- Provided data -
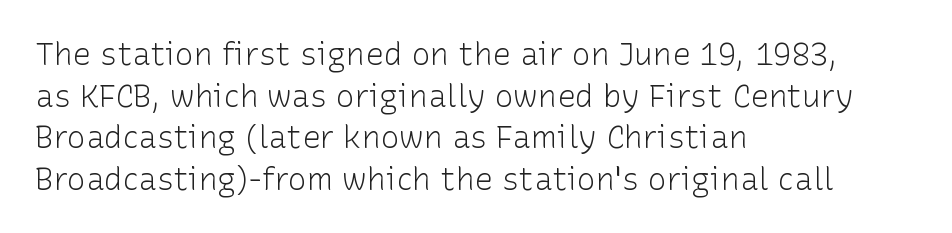
The type is set solid horizontally, with unmodified tracking. Weight: regular or lighter. A student would call this left alignment; a typographer would say flush left, rag right. Observe the absence of serifs on each vertical stroke in this sample. Ordinary non-slanted type is in use. The letters advance in unequal steps, a hallmark of proportional type.
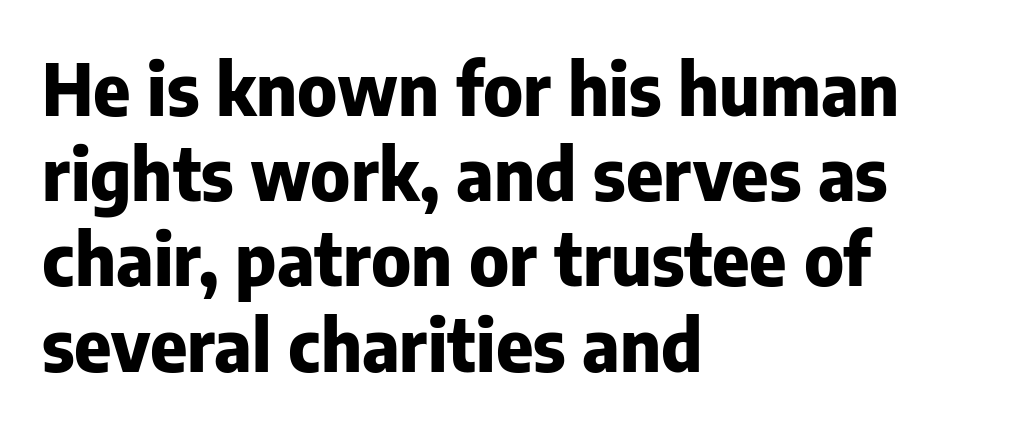
{"serif": "no", "italic": "no", "bold": "yes", "weight": "heavy", "width": "normal", "stroke_contrast": "low", "x_height": "medium", "monospaced": "no", "underline": "no", "align": "left", "line_spacing_ratio": 1.2, "letter_spacing": "normal", "letter_spacing_em": 0.0, "glyph_px": 71}
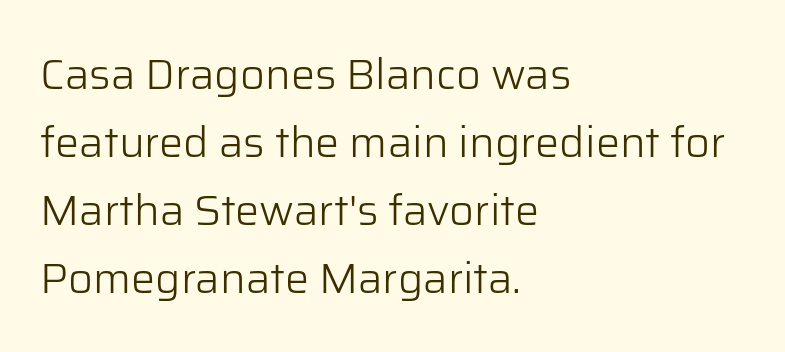
Q: Is the text bold? A: No.
Q: Is the text italic (slanted)? A: No, it is upright.
Q: Is the typeface a serif or a sans-serif typeface? A: Sans-serif.
Q: Is the text underlined? A: No.
Q: How is the paragraph aligned? A: Left-aligned.
Q: Is the spacing between letters normal or unusually wide? A: Normal.
Q: Is the spacing between lines tight, normal or loose? A: Normal.
Q: Width (condensed, normal, or wide)? A: Normal.
Q: Stroke contrast? A: Low.
Q: x-height? A: Medium.
Q: Monospaced? A: No.
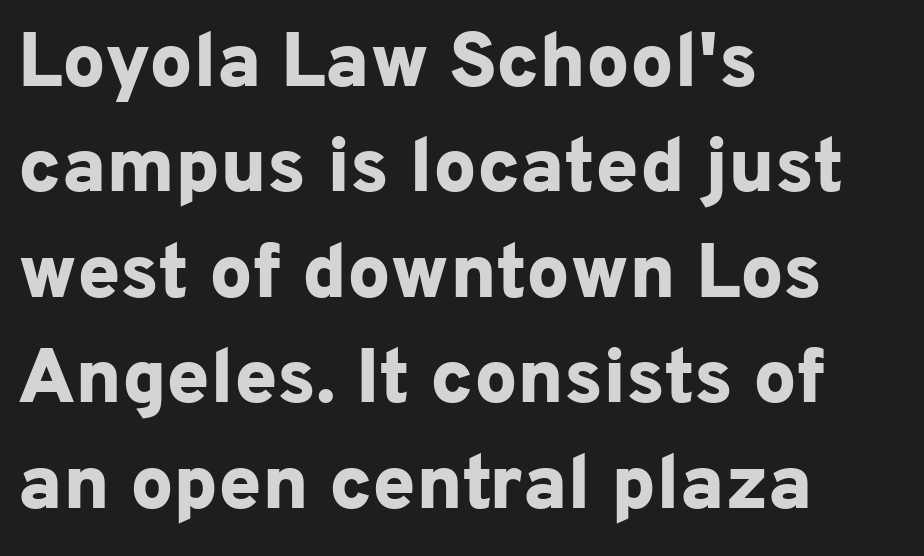
Q: Is the text bold? A: Yes.
Q: Is the text italic (slanted)? A: No, it is upright.
Q: Is the typeface a serif or a sans-serif typeface? A: Sans-serif.
Q: Is the text underlined? A: No.
Q: How is the paragraph aligned? A: Left-aligned.
Q: Is the spacing between letters normal or unusually wide? A: Normal.
Q: Is the spacing between lines tight, normal or loose? A: Normal.
Q: Width (condensed, normal, or wide)? A: Normal.
Q: Stroke contrast? A: Low.
Q: x-height? A: Medium.
Q: Monospaced? A: No.

- The task -
Reproduce the material exactly. Pictures stay out.

- Result -
The type is set solid horizontally, with unmodified tracking. Weight: regular or lighter. A student would call this left alignment; a typographer would say flush left, rag right. Observe the absence of serifs on each vertical stroke in this sample. Ordinary non-slanted type is in use. The letters advance in unequal steps, a hallmark of proportional type.
{"serif": "no", "italic": "no", "bold": "yes", "weight": "heavy", "width": "normal", "stroke_contrast": "low", "x_height": "medium", "monospaced": "no", "underline": "no", "align": "left", "line_spacing_ratio": 1.2, "letter_spacing": "normal", "letter_spacing_em": 0.0, "glyph_px": 71}
Q: Is the text bold? A: No.
Q: Is the text italic (slanted)? A: No, it is upright.
Q: Is the typeface a serif or a sans-serif typeface? A: Sans-serif.
Q: Is the text underlined? A: No.
Q: How is the paragraph aligned? A: Left-aligned.
Q: Is the spacing between letters normal or unusually wide? A: Normal.
Q: Is the spacing between lines tight, normal or loose? A: Normal.
Q: Width (condensed, normal, or wide)? A: Normal.
Q: Stroke contrast? A: Low.
Q: x-height? A: Medium.
Q: Monospaced? A: No.
Q: Is the text bold? A: Yes.
Q: Is the text italic (slanted)? A: No, it is upright.
Q: Is the typeface a serif or a sans-serif typeface? A: Sans-serif.
Q: Is the text underlined? A: No.
Q: How is the paragraph aligned? A: Left-aligned.
Q: Is the spacing between letters normal or unusually wide? A: Normal.
Q: Is the spacing between lines tight, normal or loose? A: Normal.
Q: Width (condensed, normal, or wide)? A: Normal.
Q: Stroke contrast? A: Low.
Q: x-height? A: Medium.
Q: Monospaced? A: No.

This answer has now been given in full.